▶ _Problem description_: Among the lines below, how many have the string "leans" in them? Only the number is wanted.

[Start of Attachment]

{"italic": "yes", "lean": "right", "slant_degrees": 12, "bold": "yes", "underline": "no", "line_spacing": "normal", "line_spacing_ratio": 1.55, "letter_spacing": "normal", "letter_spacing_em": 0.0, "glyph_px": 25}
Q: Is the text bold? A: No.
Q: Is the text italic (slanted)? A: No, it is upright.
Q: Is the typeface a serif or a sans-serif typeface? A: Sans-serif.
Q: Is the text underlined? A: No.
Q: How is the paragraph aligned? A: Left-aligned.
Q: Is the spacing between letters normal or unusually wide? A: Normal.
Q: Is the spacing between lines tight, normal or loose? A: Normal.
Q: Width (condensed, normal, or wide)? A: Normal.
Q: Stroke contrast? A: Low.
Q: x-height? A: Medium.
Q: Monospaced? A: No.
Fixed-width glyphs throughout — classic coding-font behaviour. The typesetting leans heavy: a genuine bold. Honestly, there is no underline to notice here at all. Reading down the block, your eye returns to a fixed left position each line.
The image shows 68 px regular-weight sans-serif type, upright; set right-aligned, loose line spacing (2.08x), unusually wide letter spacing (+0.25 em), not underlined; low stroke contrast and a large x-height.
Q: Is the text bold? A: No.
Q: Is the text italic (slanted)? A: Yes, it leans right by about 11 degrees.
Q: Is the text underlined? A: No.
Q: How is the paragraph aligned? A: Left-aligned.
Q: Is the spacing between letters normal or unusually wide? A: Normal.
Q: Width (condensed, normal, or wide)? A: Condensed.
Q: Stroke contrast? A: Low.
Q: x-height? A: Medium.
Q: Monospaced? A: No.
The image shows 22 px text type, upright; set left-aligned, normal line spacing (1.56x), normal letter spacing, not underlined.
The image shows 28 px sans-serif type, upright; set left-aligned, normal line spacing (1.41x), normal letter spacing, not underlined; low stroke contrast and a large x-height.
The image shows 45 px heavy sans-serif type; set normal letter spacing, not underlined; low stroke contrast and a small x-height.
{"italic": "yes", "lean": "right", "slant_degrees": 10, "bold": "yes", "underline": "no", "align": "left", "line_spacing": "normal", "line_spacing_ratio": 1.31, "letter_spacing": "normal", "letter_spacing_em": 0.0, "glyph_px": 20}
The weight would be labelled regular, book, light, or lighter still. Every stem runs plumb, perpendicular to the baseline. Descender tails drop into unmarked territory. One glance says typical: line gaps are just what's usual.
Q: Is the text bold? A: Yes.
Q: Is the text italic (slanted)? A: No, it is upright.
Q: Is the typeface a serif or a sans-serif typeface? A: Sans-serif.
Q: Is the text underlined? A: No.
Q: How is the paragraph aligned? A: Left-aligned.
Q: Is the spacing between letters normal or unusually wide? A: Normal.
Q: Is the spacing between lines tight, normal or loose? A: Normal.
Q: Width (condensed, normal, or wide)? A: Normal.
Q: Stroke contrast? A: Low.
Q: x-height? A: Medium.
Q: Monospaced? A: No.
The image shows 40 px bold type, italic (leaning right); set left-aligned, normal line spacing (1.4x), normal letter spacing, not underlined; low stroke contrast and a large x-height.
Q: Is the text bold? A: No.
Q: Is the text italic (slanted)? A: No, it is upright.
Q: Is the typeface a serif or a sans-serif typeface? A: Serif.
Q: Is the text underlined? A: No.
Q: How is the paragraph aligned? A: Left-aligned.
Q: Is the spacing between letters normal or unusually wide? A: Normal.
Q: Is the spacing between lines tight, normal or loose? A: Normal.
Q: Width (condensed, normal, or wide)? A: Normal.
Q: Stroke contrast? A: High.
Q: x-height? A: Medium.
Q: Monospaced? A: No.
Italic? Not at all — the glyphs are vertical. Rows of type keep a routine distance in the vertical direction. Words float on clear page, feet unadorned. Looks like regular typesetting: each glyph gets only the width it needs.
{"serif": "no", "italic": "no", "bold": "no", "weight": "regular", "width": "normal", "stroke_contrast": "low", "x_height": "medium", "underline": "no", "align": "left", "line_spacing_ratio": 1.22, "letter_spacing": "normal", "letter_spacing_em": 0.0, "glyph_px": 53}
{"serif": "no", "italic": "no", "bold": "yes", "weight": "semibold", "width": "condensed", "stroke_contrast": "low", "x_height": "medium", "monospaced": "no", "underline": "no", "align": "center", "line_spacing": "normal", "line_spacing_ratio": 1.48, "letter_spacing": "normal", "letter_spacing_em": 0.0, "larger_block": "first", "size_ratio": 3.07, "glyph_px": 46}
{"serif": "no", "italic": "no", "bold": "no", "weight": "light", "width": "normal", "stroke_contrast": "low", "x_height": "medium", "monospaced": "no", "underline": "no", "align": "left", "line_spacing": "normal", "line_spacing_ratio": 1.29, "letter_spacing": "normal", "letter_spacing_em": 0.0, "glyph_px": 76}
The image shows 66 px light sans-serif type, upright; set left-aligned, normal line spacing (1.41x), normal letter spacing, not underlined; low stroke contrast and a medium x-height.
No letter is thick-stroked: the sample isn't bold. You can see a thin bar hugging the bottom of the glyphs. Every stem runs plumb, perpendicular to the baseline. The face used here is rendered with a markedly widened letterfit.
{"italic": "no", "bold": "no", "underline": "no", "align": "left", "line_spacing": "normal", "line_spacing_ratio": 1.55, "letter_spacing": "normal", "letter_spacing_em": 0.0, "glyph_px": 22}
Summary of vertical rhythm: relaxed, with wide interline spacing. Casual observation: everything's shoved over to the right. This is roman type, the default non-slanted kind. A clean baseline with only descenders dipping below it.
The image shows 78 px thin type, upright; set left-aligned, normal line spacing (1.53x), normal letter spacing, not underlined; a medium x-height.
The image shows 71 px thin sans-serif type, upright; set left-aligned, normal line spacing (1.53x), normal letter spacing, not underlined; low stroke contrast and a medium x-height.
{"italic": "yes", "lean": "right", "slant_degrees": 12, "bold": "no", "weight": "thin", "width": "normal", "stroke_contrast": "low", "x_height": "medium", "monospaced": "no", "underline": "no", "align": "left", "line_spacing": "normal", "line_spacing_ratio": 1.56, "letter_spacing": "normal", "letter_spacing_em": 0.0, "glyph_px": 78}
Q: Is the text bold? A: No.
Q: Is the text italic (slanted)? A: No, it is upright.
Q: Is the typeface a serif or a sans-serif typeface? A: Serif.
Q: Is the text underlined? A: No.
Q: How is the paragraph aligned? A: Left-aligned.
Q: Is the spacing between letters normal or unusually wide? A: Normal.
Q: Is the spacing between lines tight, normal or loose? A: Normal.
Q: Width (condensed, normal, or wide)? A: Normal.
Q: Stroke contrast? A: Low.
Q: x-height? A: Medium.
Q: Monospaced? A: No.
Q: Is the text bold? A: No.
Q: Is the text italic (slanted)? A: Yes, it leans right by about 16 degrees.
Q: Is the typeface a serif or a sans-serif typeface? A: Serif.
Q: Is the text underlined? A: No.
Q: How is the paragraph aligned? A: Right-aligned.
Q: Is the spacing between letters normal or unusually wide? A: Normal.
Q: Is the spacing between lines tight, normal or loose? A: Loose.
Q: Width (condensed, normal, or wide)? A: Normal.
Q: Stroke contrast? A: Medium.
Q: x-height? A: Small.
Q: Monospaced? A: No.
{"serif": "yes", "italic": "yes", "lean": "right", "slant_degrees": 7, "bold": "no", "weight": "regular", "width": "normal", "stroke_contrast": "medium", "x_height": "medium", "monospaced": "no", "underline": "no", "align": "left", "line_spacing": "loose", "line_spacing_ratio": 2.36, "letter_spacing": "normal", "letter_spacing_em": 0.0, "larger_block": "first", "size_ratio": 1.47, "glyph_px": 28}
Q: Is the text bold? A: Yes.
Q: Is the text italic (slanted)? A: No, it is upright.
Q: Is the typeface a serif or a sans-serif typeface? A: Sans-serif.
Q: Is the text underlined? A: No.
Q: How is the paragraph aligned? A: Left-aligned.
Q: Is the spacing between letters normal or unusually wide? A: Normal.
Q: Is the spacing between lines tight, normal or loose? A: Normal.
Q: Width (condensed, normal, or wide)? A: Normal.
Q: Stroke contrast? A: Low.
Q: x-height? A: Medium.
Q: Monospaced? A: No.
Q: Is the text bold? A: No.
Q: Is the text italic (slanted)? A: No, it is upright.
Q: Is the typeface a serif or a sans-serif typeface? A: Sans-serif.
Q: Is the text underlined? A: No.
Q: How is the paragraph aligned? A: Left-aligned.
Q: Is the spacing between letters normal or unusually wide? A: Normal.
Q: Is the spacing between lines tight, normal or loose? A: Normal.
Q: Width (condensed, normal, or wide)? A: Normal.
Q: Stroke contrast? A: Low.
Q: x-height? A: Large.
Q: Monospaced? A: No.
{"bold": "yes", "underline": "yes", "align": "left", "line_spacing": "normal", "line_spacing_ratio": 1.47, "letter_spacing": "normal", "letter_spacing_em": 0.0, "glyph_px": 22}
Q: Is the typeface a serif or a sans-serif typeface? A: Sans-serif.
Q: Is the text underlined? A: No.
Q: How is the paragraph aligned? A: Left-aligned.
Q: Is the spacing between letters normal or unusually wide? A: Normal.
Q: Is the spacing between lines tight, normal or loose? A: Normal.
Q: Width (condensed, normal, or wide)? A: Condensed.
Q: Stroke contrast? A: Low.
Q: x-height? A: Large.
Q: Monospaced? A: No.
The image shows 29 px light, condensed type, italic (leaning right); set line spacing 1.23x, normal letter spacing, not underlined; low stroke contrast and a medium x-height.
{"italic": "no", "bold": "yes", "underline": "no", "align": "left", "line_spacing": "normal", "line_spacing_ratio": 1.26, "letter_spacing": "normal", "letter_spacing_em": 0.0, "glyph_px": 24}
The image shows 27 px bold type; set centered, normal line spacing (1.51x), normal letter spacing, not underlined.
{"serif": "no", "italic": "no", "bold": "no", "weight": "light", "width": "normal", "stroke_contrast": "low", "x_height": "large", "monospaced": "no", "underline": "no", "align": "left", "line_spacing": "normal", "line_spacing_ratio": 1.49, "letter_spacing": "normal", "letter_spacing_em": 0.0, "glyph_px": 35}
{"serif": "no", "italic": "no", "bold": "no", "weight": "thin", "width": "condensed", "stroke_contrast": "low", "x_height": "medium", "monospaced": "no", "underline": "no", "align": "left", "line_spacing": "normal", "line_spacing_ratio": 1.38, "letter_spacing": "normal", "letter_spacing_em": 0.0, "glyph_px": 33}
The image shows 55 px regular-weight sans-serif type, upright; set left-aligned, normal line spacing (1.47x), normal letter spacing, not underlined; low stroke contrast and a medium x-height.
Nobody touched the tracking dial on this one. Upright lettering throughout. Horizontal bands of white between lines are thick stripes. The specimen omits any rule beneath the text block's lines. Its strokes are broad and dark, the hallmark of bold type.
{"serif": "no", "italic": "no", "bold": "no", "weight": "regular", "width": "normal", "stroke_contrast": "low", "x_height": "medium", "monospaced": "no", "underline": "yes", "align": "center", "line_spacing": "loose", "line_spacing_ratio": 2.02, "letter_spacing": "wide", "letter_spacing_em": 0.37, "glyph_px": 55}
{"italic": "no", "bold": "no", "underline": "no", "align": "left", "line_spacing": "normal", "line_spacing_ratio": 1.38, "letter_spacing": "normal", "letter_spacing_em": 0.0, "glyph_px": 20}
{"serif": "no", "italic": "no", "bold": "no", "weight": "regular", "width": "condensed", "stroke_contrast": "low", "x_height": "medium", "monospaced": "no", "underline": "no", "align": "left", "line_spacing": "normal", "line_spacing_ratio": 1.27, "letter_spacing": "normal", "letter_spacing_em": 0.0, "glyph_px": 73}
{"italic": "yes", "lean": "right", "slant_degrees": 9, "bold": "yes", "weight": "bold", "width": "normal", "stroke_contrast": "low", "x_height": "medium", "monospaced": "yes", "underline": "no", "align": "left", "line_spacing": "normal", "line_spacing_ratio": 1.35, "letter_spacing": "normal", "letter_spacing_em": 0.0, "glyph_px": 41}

[End of Attachment]

▶ _Response to the exercise_: 3